= Prompt =
In the entries that follow, the lines from the one with "cover by kind: coniferous" through the one with "longitude: 19.3712" are the ones to write out, exactly and with both ends included. Nothing else should appear.

= Source material =
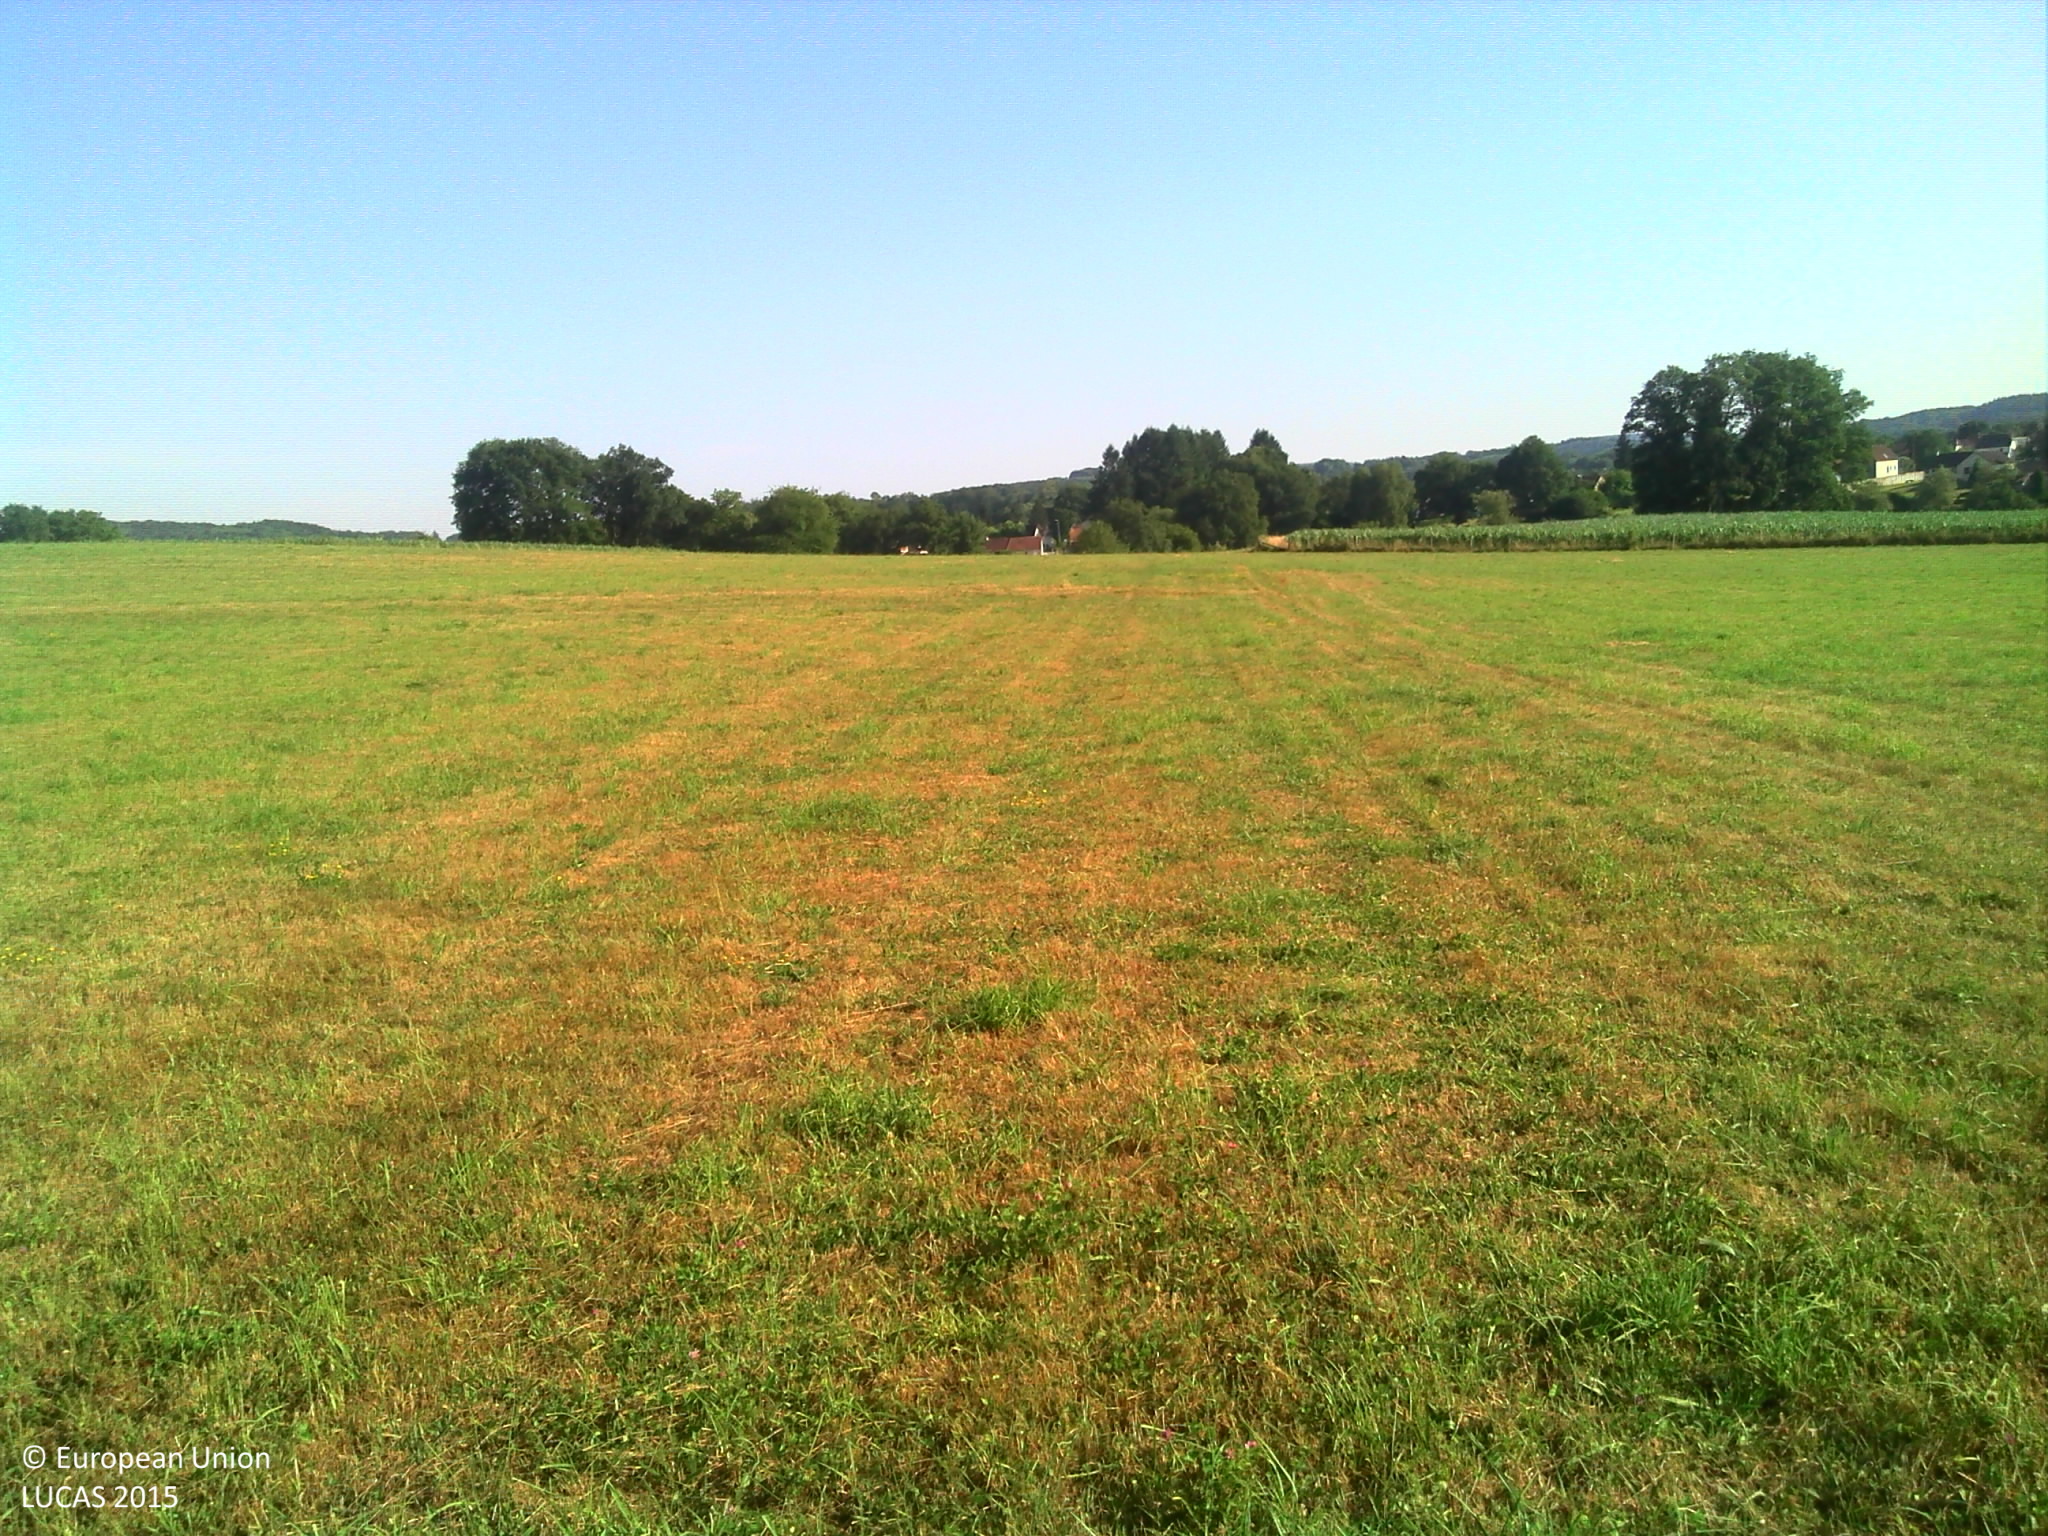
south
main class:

---

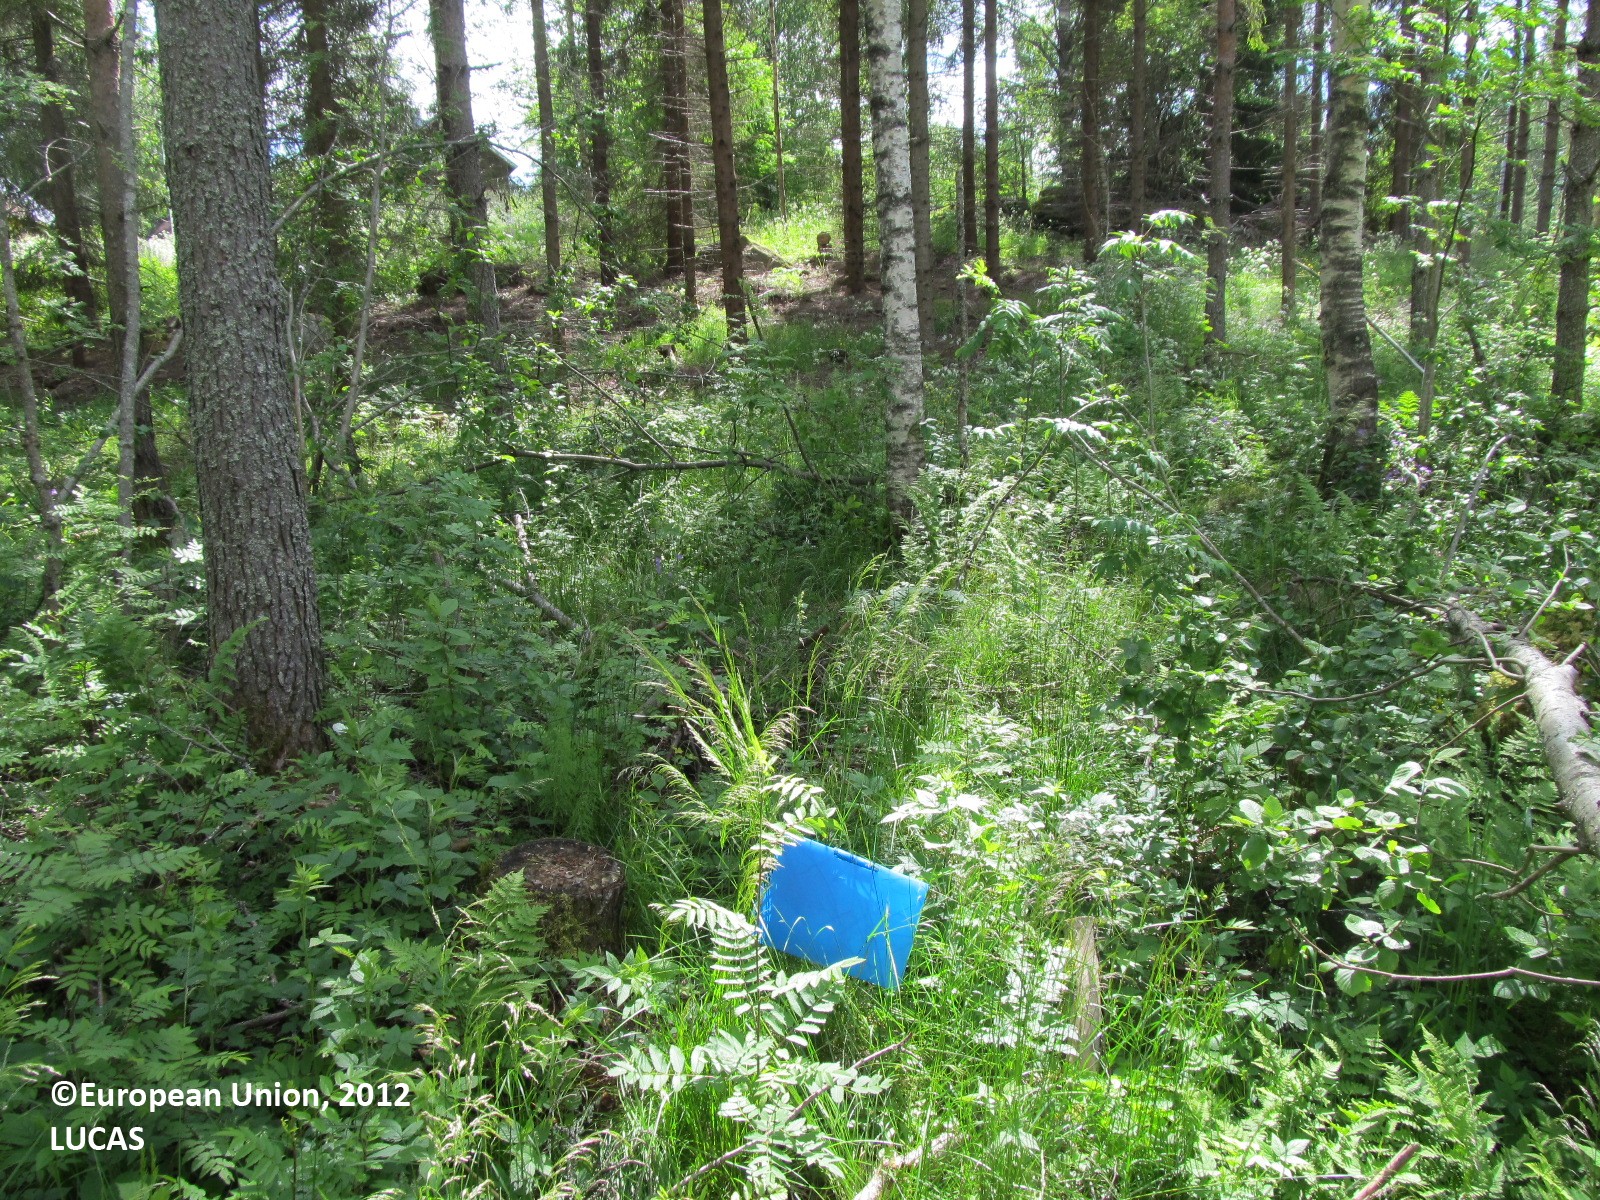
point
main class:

--

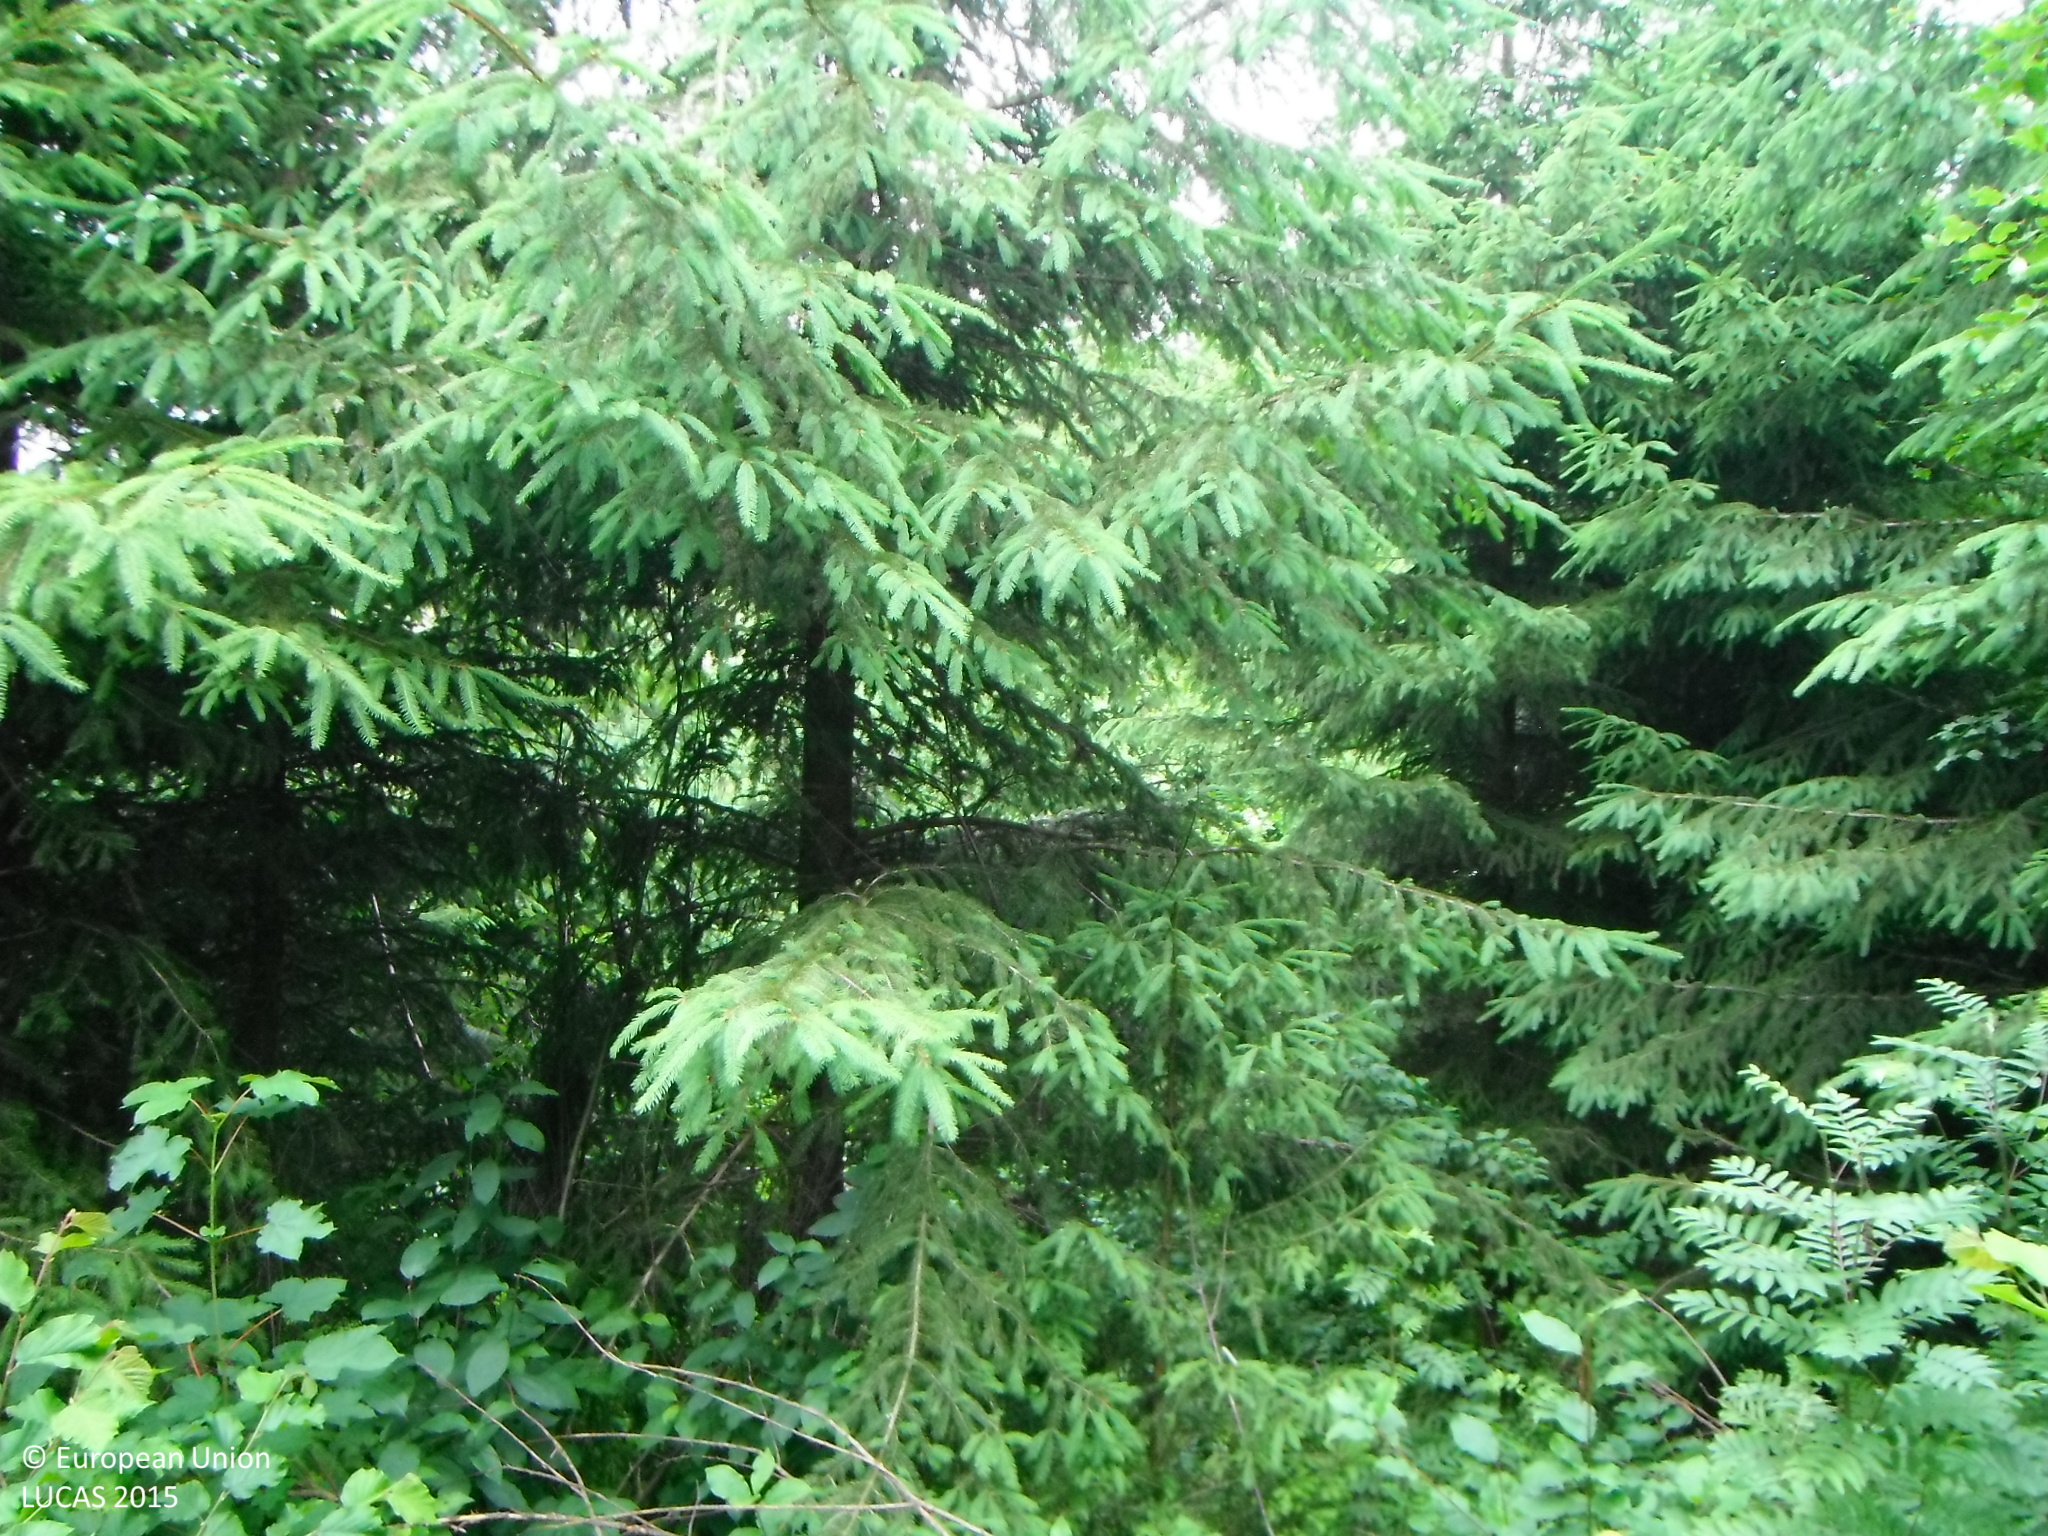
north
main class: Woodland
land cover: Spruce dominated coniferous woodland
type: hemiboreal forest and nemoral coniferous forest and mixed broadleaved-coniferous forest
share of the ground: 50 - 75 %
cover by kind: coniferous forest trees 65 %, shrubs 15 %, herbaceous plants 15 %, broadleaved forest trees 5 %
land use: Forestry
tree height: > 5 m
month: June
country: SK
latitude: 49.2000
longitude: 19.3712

= Your response =
cover by kind: coniferous forest trees 65 %, shrubs 15 %, herbaceous plants 15 %, broadleaved forest trees 5 %
land use: Forestry
tree height: > 5 m
month: June
country: SK
latitude: 49.2000
longitude: 19.3712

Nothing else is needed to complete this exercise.